Requirement: Which lines belong in the answer? Exactly those from the line containing "Rosa e Bardi" through the last line of the records below, repeated as written.

Provided records:
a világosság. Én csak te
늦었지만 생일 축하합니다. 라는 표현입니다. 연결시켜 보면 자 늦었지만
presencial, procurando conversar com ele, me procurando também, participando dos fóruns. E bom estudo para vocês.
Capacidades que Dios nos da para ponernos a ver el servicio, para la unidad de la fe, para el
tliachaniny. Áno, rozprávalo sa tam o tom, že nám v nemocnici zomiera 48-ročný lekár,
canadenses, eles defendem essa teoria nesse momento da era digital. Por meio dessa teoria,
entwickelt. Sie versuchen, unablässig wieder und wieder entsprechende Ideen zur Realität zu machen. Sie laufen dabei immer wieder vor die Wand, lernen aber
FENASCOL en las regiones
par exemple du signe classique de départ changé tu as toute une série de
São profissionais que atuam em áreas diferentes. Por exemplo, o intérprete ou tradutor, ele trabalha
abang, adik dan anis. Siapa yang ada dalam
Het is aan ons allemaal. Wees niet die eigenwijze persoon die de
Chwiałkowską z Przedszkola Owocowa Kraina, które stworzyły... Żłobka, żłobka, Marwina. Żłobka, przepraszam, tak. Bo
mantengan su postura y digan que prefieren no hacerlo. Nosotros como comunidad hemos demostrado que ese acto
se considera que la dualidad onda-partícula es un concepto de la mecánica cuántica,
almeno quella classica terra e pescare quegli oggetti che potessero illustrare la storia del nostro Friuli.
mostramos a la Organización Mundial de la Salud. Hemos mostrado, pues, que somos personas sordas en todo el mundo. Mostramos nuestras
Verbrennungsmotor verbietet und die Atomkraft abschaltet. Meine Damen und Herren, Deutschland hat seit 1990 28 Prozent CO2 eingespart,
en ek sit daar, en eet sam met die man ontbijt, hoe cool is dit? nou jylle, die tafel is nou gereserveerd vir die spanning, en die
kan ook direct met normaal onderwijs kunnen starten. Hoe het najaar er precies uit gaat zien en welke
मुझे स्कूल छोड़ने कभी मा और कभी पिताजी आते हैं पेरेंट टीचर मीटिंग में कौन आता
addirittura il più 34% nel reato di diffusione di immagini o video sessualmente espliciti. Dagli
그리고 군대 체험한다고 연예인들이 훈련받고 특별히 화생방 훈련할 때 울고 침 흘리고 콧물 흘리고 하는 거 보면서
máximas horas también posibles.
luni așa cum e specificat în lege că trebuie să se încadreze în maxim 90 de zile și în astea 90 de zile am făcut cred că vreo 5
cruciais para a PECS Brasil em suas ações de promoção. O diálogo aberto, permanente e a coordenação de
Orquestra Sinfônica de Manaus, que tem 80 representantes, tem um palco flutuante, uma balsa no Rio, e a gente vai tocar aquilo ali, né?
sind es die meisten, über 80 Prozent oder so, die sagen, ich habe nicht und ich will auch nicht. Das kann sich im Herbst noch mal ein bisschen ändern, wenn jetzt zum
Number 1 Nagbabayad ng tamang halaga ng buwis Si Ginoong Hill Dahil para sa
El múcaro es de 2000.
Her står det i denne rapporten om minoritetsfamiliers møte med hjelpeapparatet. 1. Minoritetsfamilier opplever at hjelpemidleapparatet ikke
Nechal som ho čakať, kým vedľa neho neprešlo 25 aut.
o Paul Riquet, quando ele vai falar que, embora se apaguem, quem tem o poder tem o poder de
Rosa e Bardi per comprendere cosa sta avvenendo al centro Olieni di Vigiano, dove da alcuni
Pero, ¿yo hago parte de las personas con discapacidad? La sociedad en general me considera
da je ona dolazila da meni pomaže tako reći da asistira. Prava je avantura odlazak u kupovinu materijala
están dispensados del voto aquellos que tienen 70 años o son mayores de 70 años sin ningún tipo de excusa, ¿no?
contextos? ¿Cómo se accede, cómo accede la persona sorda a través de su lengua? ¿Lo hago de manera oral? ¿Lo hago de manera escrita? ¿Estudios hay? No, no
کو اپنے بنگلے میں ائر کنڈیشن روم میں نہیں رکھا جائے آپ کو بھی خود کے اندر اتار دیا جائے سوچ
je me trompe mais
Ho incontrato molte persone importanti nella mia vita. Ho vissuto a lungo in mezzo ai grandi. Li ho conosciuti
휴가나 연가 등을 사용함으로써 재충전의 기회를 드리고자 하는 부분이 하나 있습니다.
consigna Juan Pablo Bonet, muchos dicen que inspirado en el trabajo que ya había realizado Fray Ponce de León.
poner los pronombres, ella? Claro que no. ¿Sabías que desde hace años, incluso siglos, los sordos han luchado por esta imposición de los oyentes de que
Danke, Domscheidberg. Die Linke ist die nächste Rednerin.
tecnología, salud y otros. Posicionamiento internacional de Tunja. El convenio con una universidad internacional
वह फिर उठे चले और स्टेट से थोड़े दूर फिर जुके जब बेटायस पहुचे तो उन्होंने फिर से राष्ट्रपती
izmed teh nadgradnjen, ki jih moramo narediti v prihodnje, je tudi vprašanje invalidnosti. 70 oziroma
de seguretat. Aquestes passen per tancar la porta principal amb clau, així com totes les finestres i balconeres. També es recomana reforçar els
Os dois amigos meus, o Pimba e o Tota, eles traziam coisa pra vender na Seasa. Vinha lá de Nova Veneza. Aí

Solution to this task:
Rosa e Bardi per comprendere cosa sta avvenendo al centro Olieni di Vigiano, dove da alcuni
Pero, ¿yo hago parte de las personas con discapacidad? La sociedad en general me considera
da je ona dolazila da meni pomaže tako reći da asistira. Prava je avantura odlazak u kupovinu materijala
están dispensados del voto aquellos que tienen 70 años o son mayores de 70 años sin ningún tipo de excusa, ¿no?
contextos? ¿Cómo se accede, cómo accede la persona sorda a través de su lengua? ¿Lo hago de manera oral? ¿Lo hago de manera escrita? ¿Estudios hay? No, no
کو اپنے بنگلے میں ائر کنڈیشن روم میں نہیں رکھا جائے آپ کو بھی خود کے اندر اتار دیا جائے سوچ
je me trompe mais
Ho incontrato molte persone importanti nella mia vita. Ho vissuto a lungo in mezzo ai grandi. Li ho conosciuti
휴가나 연가 등을 사용함으로써 재충전의 기회를 드리고자 하는 부분이 하나 있습니다.
consigna Juan Pablo Bonet, muchos dicen que inspirado en el trabajo que ya había realizado Fray Ponce de León.
poner los pronombres, ella? Claro que no. ¿Sabías que desde hace años, incluso siglos, los sordos han luchado por esta imposición de los oyentes de que
Danke, Domscheidberg. Die Linke ist die nächste Rednerin.
tecnología, salud y otros. Posicionamiento internacional de Tunja. El convenio con una universidad internacional
वह फिर उठे चले और स्टेट से थोड़े दूर फिर जुके जब बेटायस पहुचे तो उन्होंने फिर से राष्ट्रपती
izmed teh nadgradnjen, ki jih moramo narediti v prihodnje, je tudi vprašanje invalidnosti. 70 oziroma
de seguretat. Aquestes passen per tancar la porta principal amb clau, així com totes les finestres i balconeres. També es recomana reforçar els
Os dois amigos meus, o Pimba e o Tota, eles traziam coisa pra vender na Seasa. Vinha lá de Nova Veneza. Aí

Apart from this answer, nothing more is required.